Training a New Model for your Project¶
Now we’re going to create a configuration file. Make sure first that
you’ve set up a backend, see Installation. Create a file
called config_spacy.yml
in your working directory which looks like this
language: "en"
pipeline: "spacy_sklearn"
or if you’ve installed the MITIE backend, you can use the following as your base configuration:
language: "en"
pipeline:
- name: "nlp_mitie"
model: "data/total_word_feature_extractor.dat"
- name: "tokenizer_mitie"
- name: "ner_mitie"
- name: "ner_synonyms"
- name: "intent_entity_featurizer_regex"
- name: "intent_classifier_mitie"
Now we can train a spacy model by running:
$ python -m rasa_nlu.train \
--config sample_configs/config_spacy.yml \
--data data/examples/rasa/demo-rasa.json \
--path projects
What do these parameters mean?
- config: configuration of the machine learning model
- data: file / folder that contains the training data
- path: output path where the model is persisted to
If you want to know more about the parameters, there is an overview of the
Configuration. After a few minutes, Rasa NLU will finish
training, and you’ll see a new folder named as
projects/default/model_YYYYMMDD-HHMMSS
with the timestamp
when training finished.
Using Your Model¶
By default, the server will look for all projects folders under the path
directory specified. When no project is specified, as in this example,
a “default” one will be used, itself using the latest trained model.
$ python -m rasa_nlu.server --path projects
More information about starting the server can be found in Using Rasa NLU as a HTTP server.
You can then test your new model by sending a request. Open a new window on your terminal and run
Note
For windows users the windows command line interface doesn’t
like single quotes. Use doublequotes and escape where necessary.
curl -X POST "localhost:5000/parse" -d "{/"q/":/"I am looking for Mexican food/"}" | python -m json.tool
$ curl -X POST localhost:5000/parse -d '{"q":"I am looking for Mexican food"}' | python -m json.tool
which should return
{
"intent": {
"name": "restaurant_search",
"confidence": 0.8231117999072759
},
"entities": [
{
"start": 17,
"end": 24,
"value": "mexican",
"entity": "cuisine",
"extractor": "ner_crf",
"confidence": 0.875
}
],
"intent_ranking": [
{
"name": "restaurant_search",
"confidence": 0.8231117999072759
},
{
"name": "affirm",
"confidence": 0.07618757211779097
},
{
"name": "goodbye",
"confidence": 0.06298664363805719
},
{
"name": "greet",
"confidence": 0.03771398433687609
}
],
"text": "I am looking for Mexican food"
}
If you are using the spacy_sklearn
backend and the entities aren’t
found, don’t panic! This tutorial is just a toy example, with far too
little training data to expect good performance.
Note
Intent classification is independent of entity extraction, e.g. in “I am looking for Chinese food” the entities are not extracted, though intent classification is correct.
Rasa NLU will also print a confidence
value for the intent
classification. For models using spacy
intent classification this will be a probability.

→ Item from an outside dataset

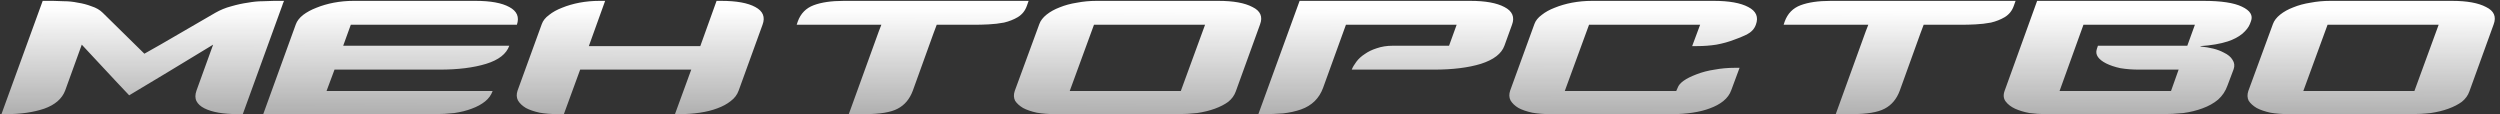 <?xml version="1.0" encoding="UTF-8"?> <svg xmlns="http://www.w3.org/2000/svg" width="1181" height="54" viewBox="0 0 1181 54" fill="none"><rect x="0" y="0" width="1181" height="54" fill="#333333" stroke="none"/> <path d="M101.706 6.053C104.099 4.686 106.606 3.66 109.227 2.976C111.962 2.179 114.583 1.609 117.09 1.267C119.597 0.811 121.934 0.583 124.099 0.583C126.264 0.469 128.03 0.412 129.398 0.412H134.184L133.671 1.609L133.329 2.634L77.604 28.445L76.066 20.924L101.706 6.053ZM55.212 38.873L38.631 21.095L30.768 42.804C29.287 46.679 25.982 49.528 20.854 51.351C15.726 53.06 9.8 53.915 3.077 53.915H0.684L20.17 0.412H25.127C26.495 0.412 28.204 0.469 30.256 0.583C32.421 0.583 34.586 0.811 36.751 1.267C39.03 1.609 41.195 2.179 43.246 2.976C45.412 3.66 47.178 4.686 48.545 6.053L68.203 25.369L76.066 20.924L77.604 28.445L55.212 38.873ZM61.024 45.026L55.212 38.873L77.604 28.445L78.972 34.257L61.024 45.026ZM133.329 2.634L114.697 53.915H112.304C108.999 53.915 105.98 53.687 103.245 53.231C100.624 52.775 98.401 52.092 96.578 51.18C94.755 50.268 93.501 49.129 92.818 47.761C92.134 46.394 92.134 44.741 92.818 42.804L100.681 21.095L78.972 34.257L77.604 28.445L133.329 2.634ZM240.586 21.608C239.218 25.483 235.571 28.332 229.646 30.155C223.72 31.978 216.37 32.89 207.595 32.89H158.024L154.263 42.975H232.723C232.039 44.912 230.842 46.565 229.133 47.932C227.424 49.3 225.315 50.439 222.808 51.351C220.415 52.263 217.68 52.946 214.603 53.402C211.641 53.744 208.507 53.915 205.202 53.915H124.35L139.734 11.523C140.304 9.928 141.443 8.446 143.153 7.079C144.976 5.711 147.084 4.572 149.477 3.66C151.984 2.634 154.719 1.837 157.682 1.267C160.759 0.697 163.836 0.412 166.913 0.412H224.689C231.754 0.412 237.053 1.381 240.586 3.318C244.232 5.255 245.429 8.047 244.175 11.694H165.716L162.126 21.608H240.586ZM348.937 42.804C348.253 44.741 347 46.394 345.176 47.761C343.467 49.129 341.359 50.268 338.852 51.18C336.459 52.092 333.724 52.775 330.647 53.231C327.57 53.687 324.436 53.915 321.245 53.915H318.852L326.544 32.89H274.067L266.375 53.915H263.469C260.393 53.915 257.544 53.687 254.923 53.231C252.302 52.661 250.136 51.921 248.427 51.009C246.718 49.983 245.464 48.787 244.667 47.419C243.983 46.052 243.926 44.513 244.496 42.804L255.948 11.352C256.518 9.757 257.658 8.332 259.367 7.079C261.076 5.711 263.128 4.572 265.521 3.66C268.028 2.634 270.763 1.837 273.726 1.267C276.802 0.697 279.936 0.412 283.127 0.412H285.862L278.17 21.779H330.818L338.51 0.412H340.732C347.911 0.412 353.267 1.381 356.8 3.318C360.446 5.255 361.586 8.047 360.219 11.694L348.937 42.804ZM440.969 15.796L431.226 42.804C429.745 46.793 427.351 49.642 424.047 51.351C420.856 53.06 415.671 53.915 408.492 53.915H400.97L415.158 14.771L416.355 11.694H376.356L376.869 10.155C378.236 6.395 380.743 3.831 384.39 2.463C388.036 1.096 392.766 0.412 398.577 0.412H485.925L485.07 2.805C484.273 5.084 482.848 6.851 480.797 8.104C478.86 9.244 476.695 10.098 474.302 10.668C471.908 11.124 469.458 11.409 466.951 11.523C464.558 11.637 462.507 11.694 460.798 11.694H442.508L440.969 15.796ZM516.795 11.694L505.342 42.975H557.819L569.272 11.694H516.795ZM583.801 43.146C583.118 45.083 581.921 46.736 580.212 48.103C578.502 49.357 576.394 50.439 573.887 51.351C571.38 52.263 568.588 52.946 565.511 53.402C562.548 53.744 559.415 53.915 556.11 53.915H498.505C495.314 53.915 492.408 53.687 489.787 53.231C487.166 52.661 485.001 51.921 483.292 51.009C481.582 49.983 480.329 48.844 479.531 47.59C478.847 46.223 478.79 44.684 479.36 42.975L490.984 11.352C491.554 9.757 492.693 8.275 494.402 6.908C496.112 5.54 498.163 4.401 500.556 3.489C503.063 2.463 505.798 1.723 508.761 1.267C511.724 0.697 514.801 0.412 517.991 0.412H575.596C582.662 0.412 588.018 1.381 591.664 3.318C595.425 5.141 596.621 7.876 595.254 11.523L583.801 43.146ZM710.684 21.608C709.317 25.369 705.613 28.218 699.574 30.155C693.648 31.978 686.241 32.89 677.352 32.89H638.55C639.006 31.75 639.746 30.497 640.772 29.129C641.798 27.762 643.108 26.565 644.704 25.54C646.299 24.4 648.179 23.488 650.344 22.805C652.624 22.007 655.131 21.608 657.866 21.608H684.531L688.121 11.694H635.815L625.046 41.437C623.223 46.451 619.747 49.869 614.619 51.693C611.998 52.604 609.149 53.231 606.072 53.573C603.109 53.801 600.09 53.915 597.013 53.915H594.449L613.935 0.412H694.617C701.682 0.412 707.038 1.381 710.684 3.318C714.445 5.255 715.642 8.047 714.274 11.694L710.684 21.608ZM829.463 11.694C828.779 13.631 827.355 15.17 825.189 16.309C823.024 17.335 821.087 18.133 819.378 18.702C816.757 19.728 813.908 20.526 810.831 21.095C807.868 21.551 804.848 21.779 801.771 21.779H799.378L803.139 11.694H750.662L739.209 42.975H791.857L792.541 41.437C793.339 39.157 796.301 37.049 801.43 35.112C804.051 34.086 806.899 33.346 809.976 32.89C813.053 32.32 816.244 32.035 819.549 32.035H821.771L817.839 42.633C817.156 44.57 815.902 46.28 814.079 47.761C812.369 49.129 810.261 50.268 807.754 51.18C805.361 52.092 802.626 52.775 799.549 53.231C796.472 53.687 793.339 53.915 790.148 53.915H732.372C729.295 53.915 726.446 53.687 723.825 53.231C721.204 52.661 719.039 51.921 717.33 51.009C715.62 49.983 714.367 48.787 713.569 47.419C712.885 46.052 712.828 44.513 713.398 42.804L724.851 11.352C725.42 9.757 726.56 8.332 728.269 7.079C729.979 5.711 732.03 4.572 734.423 3.66C736.93 2.634 739.665 1.837 742.628 1.267C745.705 0.697 748.839 0.412 752.029 0.412H809.634C816.814 0.412 822.227 1.381 825.873 3.318C829.634 5.255 830.83 8.047 829.463 11.694ZM907.201 15.796L897.458 42.804C895.976 46.793 893.583 49.642 890.278 51.351C887.087 53.06 881.902 53.915 874.723 53.915H867.202L881.39 14.771L882.586 11.694H842.587L843.1 10.155C844.468 6.395 846.975 3.831 850.621 2.463C854.268 1.096 858.997 0.412 864.809 0.412H952.157L951.302 2.805C950.504 5.084 949.08 6.851 947.029 8.104C945.091 9.244 942.926 10.098 940.533 10.668C938.14 11.124 935.69 11.409 933.183 11.523C930.79 11.637 928.739 11.694 927.029 11.694H908.739L907.201 15.796ZM984.223 11.694L972.941 42.975H1025.59L1029.18 32.89H1010.55C1007.36 32.89 1004.39 32.662 1001.66 32.206C999.037 31.636 996.815 30.896 994.992 29.984C993.169 29.072 991.858 28.047 991.06 26.907C990.263 25.768 990.092 24.514 990.548 23.147L991.06 21.608H1033.28L1036.87 11.694H984.223ZM1062.85 11.352C1062.28 12.834 1061.09 14.372 1059.26 15.967C1057.44 17.449 1055.16 18.645 1052.43 19.557C1048.89 20.697 1044.62 21.437 1039.61 21.779L1039.43 21.95C1041.71 22.178 1043.77 22.52 1045.59 22.976C1047.41 23.431 1049.06 24.058 1050.55 24.856C1052.48 25.768 1053.85 26.907 1054.65 28.275C1055.56 29.642 1055.73 31.123 1055.16 32.719L1052.26 40.411C1051.34 43.032 1049.86 45.254 1047.81 47.077C1045.76 48.787 1043.31 50.154 1040.46 51.18C1037.73 52.206 1034.71 52.946 1031.4 53.402C1028.1 53.744 1024.73 53.915 1021.32 53.915H966.275C963.882 53.915 961.375 53.744 958.754 53.402C956.247 52.946 953.967 52.263 951.916 51.351C949.979 50.439 948.498 49.3 947.472 47.932C946.446 46.565 946.275 44.912 946.959 42.975L962.343 0.412H1040.97C1049.29 0.412 1055.33 1.324 1059.09 3.147C1062.97 4.97 1064.39 7.25 1063.37 9.985L1062.85 11.352ZM1099.54 11.694L1088.09 42.975H1140.57L1152.02 11.694H1099.54ZM1166.55 43.146C1165.87 45.083 1164.67 46.736 1162.96 48.103C1161.25 49.357 1159.14 50.439 1156.63 51.351C1154.13 52.263 1151.34 52.946 1148.26 53.402C1145.3 53.744 1142.16 53.915 1138.86 53.915H1081.25C1078.06 53.915 1075.16 53.687 1072.53 53.231C1069.91 52.661 1067.75 51.921 1066.04 51.009C1064.33 49.983 1063.08 48.844 1062.28 47.59C1061.6 46.223 1061.54 44.684 1062.11 42.975L1073.73 11.352C1074.3 9.757 1075.44 8.275 1077.15 6.908C1078.86 5.54 1080.91 4.401 1083.3 3.489C1085.81 2.463 1088.55 1.723 1091.51 1.267C1094.47 0.697 1097.55 0.412 1100.74 0.412H1158.34C1165.41 0.412 1170.77 1.381 1174.41 3.318C1178.17 5.141 1179.37 7.876 1178 11.523L1166.55 43.146Z" fill="url(#paint0_linear_2717_3574)"></path> <defs> <linearGradient id="paint0_linear_2717_3574" x1="587.808" y1="-13.311" x2="587.536" y2="182.839" gradientUnits="userSpaceOnUse"> <stop stop-color="white"></stop> <stop offset="0.089" stop-color="white"></stop> <stop offset="0.635" stop-color="white" stop-opacity="0.17"></stop> <stop offset="1" stop-color="white" stop-opacity="0"></stop> </linearGradient> </defs> </svg>

You can use this to do some error handling in your chatbot (ex: asking the user again if the confidence is low) and it’s also helpful for prioritising which intents need more training data.
Note
The output may contain other or less attributes, depending on the
pipeline you are using. For example, the mitie
pipeline doesn’t
include the "intent_ranking"
(see example below) whereas the
spacy_sklearn
pipeline does (see example above).
With very little data, rasa NLU can in certain cases already generalise concepts, for example:
$ curl -X POST localhost:5000/parse -d '{"q":"I want some italian food"}' | python -m json.tool
{
"intent": {
"name": "restaurant_search",
"confidence": 0.5792111723774511
},
"entities": [
{
"entity": "cuisine",
"value": "italian",
"start": 12,
"end": 19,
"extractor": "ner_crf",
"confidence": 0.875
}
],
"text": "I want some italian food"
}
even though there’s nothing quite like this sentence in the examples used to train the model. To build a more robust app you will obviously want to use a lot more training data, so go and collect it!